The kernel is a thin Rust runtime that interprets whatever the mediation pipeline feeds it. Everything agents touch — specs, policies, WASM modules, reaction rules — hot-reloads. The kernel itself rarely changes.

Why Temper?

Models are an API call. The model-facing scaffolding — prompt templates, output parsers, tool wrappers — is being absorbed by smarter models. What remains is the world-facing infrastructure: state, authorization, verification, persistence. That's the layer that compounds.

Skills should be code with a signature. Harnesses should be too — and agents should be the ones writing and rewriting them.

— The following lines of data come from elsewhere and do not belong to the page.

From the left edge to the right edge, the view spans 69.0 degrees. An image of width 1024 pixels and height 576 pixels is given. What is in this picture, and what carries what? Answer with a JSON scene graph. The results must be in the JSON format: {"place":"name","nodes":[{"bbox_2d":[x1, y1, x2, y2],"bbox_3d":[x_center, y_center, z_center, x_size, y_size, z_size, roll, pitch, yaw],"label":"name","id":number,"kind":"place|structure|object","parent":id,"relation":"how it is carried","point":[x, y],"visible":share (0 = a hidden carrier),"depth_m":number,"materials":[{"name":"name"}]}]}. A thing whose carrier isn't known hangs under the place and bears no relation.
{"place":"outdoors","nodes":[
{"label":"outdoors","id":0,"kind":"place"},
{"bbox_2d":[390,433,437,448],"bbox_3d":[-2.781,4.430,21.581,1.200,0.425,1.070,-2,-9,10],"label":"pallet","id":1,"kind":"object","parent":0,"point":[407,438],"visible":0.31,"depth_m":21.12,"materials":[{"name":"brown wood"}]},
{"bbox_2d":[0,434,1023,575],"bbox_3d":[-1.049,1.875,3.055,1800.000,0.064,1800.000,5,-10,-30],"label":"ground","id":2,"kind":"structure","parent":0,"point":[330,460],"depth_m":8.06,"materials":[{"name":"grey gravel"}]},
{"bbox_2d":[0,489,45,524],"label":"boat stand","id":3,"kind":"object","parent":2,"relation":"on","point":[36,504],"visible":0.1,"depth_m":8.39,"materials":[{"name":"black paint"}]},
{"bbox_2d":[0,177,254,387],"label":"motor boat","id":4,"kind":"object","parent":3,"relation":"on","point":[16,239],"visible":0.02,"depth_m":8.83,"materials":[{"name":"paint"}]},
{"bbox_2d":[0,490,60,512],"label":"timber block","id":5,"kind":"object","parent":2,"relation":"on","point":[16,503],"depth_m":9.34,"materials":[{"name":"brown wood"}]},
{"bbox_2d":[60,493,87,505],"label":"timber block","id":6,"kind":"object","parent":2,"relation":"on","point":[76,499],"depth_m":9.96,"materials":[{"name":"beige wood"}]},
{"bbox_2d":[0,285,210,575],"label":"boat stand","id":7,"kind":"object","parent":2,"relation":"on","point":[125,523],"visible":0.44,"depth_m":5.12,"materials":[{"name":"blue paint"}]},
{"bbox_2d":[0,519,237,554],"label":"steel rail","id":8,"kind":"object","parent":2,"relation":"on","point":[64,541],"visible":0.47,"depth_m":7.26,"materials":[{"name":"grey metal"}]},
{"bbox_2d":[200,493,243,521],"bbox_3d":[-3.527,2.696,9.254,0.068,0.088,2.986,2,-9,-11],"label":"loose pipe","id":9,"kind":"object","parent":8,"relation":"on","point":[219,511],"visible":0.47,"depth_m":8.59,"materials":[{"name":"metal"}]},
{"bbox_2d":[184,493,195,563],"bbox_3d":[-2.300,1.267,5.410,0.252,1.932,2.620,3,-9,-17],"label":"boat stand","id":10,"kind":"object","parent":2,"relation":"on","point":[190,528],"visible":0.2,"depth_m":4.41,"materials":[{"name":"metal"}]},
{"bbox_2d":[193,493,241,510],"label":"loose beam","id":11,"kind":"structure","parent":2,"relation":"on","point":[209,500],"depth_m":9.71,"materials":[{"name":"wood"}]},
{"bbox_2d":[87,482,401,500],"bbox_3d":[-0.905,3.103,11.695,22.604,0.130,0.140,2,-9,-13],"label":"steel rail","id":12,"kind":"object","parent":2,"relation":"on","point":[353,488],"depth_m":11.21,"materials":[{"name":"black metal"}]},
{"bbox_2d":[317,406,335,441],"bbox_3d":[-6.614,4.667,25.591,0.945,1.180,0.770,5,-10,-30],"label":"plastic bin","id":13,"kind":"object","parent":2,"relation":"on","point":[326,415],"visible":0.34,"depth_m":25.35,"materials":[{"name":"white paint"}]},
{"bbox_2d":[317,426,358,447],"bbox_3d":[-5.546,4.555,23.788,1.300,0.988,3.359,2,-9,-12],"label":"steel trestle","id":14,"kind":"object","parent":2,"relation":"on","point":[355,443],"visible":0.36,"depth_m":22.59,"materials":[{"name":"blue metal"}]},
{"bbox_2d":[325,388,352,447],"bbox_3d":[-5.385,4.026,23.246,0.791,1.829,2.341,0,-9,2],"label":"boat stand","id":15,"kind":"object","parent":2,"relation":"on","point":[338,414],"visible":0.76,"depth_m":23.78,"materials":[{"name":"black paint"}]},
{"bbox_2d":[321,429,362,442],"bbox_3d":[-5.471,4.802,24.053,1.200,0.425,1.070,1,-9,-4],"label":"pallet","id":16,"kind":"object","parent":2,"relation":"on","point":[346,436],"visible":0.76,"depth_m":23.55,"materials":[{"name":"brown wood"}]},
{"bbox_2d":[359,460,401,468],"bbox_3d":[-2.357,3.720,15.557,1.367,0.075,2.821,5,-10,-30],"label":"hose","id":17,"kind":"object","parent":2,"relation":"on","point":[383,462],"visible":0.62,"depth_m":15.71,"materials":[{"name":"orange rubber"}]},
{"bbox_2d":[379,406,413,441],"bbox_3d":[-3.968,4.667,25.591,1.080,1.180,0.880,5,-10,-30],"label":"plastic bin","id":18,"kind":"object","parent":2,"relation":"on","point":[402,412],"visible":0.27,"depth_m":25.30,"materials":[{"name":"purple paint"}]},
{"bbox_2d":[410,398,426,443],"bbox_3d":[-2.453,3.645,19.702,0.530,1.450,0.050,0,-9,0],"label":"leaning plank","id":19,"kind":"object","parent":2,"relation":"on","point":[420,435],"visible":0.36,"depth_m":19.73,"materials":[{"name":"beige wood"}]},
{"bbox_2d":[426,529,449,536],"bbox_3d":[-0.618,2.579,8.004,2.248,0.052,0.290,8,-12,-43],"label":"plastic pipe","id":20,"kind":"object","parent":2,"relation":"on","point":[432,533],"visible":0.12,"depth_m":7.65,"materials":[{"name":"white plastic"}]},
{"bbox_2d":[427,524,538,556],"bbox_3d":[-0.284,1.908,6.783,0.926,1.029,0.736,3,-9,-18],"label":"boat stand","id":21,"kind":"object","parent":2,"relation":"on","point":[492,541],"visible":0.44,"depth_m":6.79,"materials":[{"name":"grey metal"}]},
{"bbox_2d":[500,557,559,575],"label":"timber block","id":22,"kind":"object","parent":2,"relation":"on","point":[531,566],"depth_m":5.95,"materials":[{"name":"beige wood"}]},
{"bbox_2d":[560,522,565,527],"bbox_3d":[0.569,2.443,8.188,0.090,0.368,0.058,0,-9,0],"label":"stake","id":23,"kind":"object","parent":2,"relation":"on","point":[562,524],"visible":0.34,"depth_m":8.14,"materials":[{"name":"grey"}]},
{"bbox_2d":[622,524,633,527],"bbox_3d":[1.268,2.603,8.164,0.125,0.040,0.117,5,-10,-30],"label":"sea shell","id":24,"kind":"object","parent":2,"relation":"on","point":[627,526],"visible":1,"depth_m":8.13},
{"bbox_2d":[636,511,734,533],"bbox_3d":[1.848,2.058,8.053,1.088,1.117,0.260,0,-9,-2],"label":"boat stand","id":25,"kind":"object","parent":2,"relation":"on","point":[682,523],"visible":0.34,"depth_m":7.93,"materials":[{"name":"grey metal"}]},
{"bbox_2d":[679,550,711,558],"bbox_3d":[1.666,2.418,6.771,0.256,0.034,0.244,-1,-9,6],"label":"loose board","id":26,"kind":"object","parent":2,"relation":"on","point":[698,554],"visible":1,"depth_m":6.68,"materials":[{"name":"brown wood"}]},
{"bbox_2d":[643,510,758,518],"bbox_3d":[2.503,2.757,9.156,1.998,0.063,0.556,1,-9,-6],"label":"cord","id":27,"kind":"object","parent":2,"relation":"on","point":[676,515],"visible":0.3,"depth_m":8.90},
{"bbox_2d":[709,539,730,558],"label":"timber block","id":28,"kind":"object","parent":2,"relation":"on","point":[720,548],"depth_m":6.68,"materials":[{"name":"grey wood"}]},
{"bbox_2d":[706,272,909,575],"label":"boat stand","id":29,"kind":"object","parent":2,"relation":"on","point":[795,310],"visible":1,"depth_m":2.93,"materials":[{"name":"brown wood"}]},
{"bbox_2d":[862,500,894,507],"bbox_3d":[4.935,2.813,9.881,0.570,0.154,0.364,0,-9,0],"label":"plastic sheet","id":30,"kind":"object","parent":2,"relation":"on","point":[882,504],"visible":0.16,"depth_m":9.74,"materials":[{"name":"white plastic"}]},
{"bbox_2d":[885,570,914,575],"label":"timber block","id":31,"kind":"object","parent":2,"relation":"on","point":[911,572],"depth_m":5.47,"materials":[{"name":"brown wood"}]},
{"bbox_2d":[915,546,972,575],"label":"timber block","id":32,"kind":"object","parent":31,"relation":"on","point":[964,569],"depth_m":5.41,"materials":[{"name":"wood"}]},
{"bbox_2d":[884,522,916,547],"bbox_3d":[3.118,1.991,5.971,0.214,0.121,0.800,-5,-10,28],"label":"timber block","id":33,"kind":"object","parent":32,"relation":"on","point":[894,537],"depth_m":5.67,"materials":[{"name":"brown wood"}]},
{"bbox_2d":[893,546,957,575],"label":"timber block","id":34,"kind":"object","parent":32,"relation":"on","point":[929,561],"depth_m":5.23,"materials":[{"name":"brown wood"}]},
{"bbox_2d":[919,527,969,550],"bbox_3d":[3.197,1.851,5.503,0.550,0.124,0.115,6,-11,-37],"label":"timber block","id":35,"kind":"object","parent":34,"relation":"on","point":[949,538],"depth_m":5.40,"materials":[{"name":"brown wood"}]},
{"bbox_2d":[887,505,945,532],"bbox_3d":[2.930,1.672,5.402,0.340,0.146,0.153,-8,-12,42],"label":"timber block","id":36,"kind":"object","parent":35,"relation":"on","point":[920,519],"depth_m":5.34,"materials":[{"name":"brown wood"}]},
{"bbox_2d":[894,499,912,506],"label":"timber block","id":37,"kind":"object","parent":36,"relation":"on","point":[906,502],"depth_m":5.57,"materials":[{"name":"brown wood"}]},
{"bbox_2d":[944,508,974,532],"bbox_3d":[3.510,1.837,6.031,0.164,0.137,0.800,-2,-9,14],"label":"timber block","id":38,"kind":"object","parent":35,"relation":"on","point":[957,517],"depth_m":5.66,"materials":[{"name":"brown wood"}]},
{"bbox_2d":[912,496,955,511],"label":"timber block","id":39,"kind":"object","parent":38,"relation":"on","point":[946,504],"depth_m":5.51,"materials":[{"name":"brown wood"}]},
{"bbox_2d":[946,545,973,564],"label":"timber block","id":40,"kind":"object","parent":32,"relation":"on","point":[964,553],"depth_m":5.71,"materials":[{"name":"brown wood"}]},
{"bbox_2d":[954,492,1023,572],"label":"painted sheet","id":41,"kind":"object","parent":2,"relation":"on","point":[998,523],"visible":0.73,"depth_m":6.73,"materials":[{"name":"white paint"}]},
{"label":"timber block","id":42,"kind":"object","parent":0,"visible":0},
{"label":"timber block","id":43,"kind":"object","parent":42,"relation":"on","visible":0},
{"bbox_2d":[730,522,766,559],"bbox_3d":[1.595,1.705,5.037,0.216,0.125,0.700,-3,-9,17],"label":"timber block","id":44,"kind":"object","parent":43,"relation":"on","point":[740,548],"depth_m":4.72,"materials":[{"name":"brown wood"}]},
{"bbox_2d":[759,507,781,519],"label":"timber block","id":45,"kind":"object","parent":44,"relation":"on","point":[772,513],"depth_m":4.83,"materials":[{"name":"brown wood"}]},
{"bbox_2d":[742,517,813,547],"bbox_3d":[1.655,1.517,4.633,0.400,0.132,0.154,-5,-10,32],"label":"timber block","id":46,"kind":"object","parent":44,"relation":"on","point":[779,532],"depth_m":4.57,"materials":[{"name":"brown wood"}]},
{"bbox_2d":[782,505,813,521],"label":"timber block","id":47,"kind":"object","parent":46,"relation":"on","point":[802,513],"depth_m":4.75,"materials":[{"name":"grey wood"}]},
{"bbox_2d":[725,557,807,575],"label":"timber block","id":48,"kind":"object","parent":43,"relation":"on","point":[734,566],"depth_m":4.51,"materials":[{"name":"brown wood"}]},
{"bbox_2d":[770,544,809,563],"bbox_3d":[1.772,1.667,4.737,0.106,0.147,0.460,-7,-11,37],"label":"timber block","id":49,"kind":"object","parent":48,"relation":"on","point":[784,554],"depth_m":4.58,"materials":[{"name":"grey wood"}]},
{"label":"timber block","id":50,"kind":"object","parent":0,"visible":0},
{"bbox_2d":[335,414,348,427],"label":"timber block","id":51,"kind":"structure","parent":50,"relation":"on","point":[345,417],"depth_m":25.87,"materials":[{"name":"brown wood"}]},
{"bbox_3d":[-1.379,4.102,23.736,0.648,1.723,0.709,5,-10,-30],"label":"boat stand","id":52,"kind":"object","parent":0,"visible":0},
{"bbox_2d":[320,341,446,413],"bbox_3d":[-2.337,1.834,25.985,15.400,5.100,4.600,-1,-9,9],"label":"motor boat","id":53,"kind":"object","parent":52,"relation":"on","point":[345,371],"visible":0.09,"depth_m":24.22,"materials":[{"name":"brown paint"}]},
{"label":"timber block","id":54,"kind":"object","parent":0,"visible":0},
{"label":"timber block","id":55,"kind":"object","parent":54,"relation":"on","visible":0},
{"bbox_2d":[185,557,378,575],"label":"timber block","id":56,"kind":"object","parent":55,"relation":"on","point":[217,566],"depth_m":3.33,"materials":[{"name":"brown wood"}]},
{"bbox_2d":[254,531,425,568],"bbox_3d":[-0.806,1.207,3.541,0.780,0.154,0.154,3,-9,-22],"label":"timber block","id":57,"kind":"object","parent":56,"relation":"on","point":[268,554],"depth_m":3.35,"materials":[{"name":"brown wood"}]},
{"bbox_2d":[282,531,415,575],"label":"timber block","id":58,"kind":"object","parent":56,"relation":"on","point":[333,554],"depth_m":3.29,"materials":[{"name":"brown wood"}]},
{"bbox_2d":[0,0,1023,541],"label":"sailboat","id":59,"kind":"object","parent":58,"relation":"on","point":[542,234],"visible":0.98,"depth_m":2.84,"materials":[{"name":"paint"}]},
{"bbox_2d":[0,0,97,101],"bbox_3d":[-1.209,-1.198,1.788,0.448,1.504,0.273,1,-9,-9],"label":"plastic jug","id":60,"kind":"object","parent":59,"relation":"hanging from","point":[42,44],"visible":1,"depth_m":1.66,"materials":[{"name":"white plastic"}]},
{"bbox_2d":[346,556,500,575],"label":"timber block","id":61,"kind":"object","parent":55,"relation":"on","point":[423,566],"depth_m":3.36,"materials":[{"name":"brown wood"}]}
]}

What's developing in the field	Temper's angle
Agents synthesize tools at runtime	Those tools are verified state machines that persist as specs
Policy-based authorization on tool invocations	Policies derived from a behavioral spec, not authored separately
Runtime guardrails check outputs	State machine checked exhaustively before deployment (model checking + SMT)
Observability shows what happened	Unmet intents feed back into spec proposals with human approval
Declarative agent specs for portability	Declarative specs for correctness — verified, then deployed
Durable execution engines	Spec defines what the system does; durability follows from event sourcing
Harnesses as static scaffolding	Harnesses as specs — agents program and rewrite them through the same verify-deploy loop

It's an exploration of what happens when you put formal verification, Cedar authorization, and evolution feedback into the same loop.

Key Features

Spec-First Development

Agents write declarative specifications, not application code
IOA TOML specs define states, transitions, guards, and invariants; CSDL models define the data shape; Cedar policies define authorization
The kernel derives all runtime behavior from these artifacts — if you lose the generated code, you regenerate it from the spec
Specs hot-reload: transition tables, policies, WASM modules, and reaction rules update live

Formal Verification

Every spec passes a four-level cascade before it can deploy
L0 — Z3 SMT: guards satisfiable, invariants inductive, no unreachable states
L1 — Stateright model checking: exhaustive state space exploration, safety + liveness properties
L2 — Deterministic simulation: fault injection (message delays, drops, crashes), reproducible via seeded PRNG
L3 — Property-based testing: random action sequences with shrinking to minimal counterexamples
The model checker verifies the same Rust code that runs in production — not a separate formal model

Cedar Authorization

Every action flows through Cedar authorization with a default-deny posture
Denied actions surface to the human as pending decisions — approve narrowly (this agent, this action, this resource), broadly (this agent, any action on this resource type), or deny
Temper generates the Cedar policy from the approval; the human never writes policies from scratch
Over time, the policy set converges on what the agent actually needs

Self-Describing API

Generated OData v4 endpoints with $metadata discovery
Agents discover entity types, available actions, and valid transitions without documentation
Full query support: $filter, $select, $expand, bound actions

WASM Integrations

External systems accessed through sandboxed WASM modules with per-call resource budgets
Cedar mediates which integrations an agent can use — no raw API keys or direct network access
Integrations declared in the spec, verified as part of the state machine

Trajectories and Evolution

Every action — success or failure — is recorded as a trajectory entry with agent identity, before/after state, and authorization decision
The evolution engine analyzes trajectory patterns: repeated failures, friction points, unmet intents
Patterns become spec proposals — an O-P-A-D-I record chain (Observation, Problem, Analysis, Decision, Impact) — surfaced for human approval
The agent can propose changes to its own harness; the human holds the gate

Quick Start

For agents (via MCP)

Temper exposes a single MCP tool — execute — which runs Python in a sandboxed REPL against a running Temper server. The agent discovers specs, creates entities, invokes actions, and manages governance all through the temper.* API.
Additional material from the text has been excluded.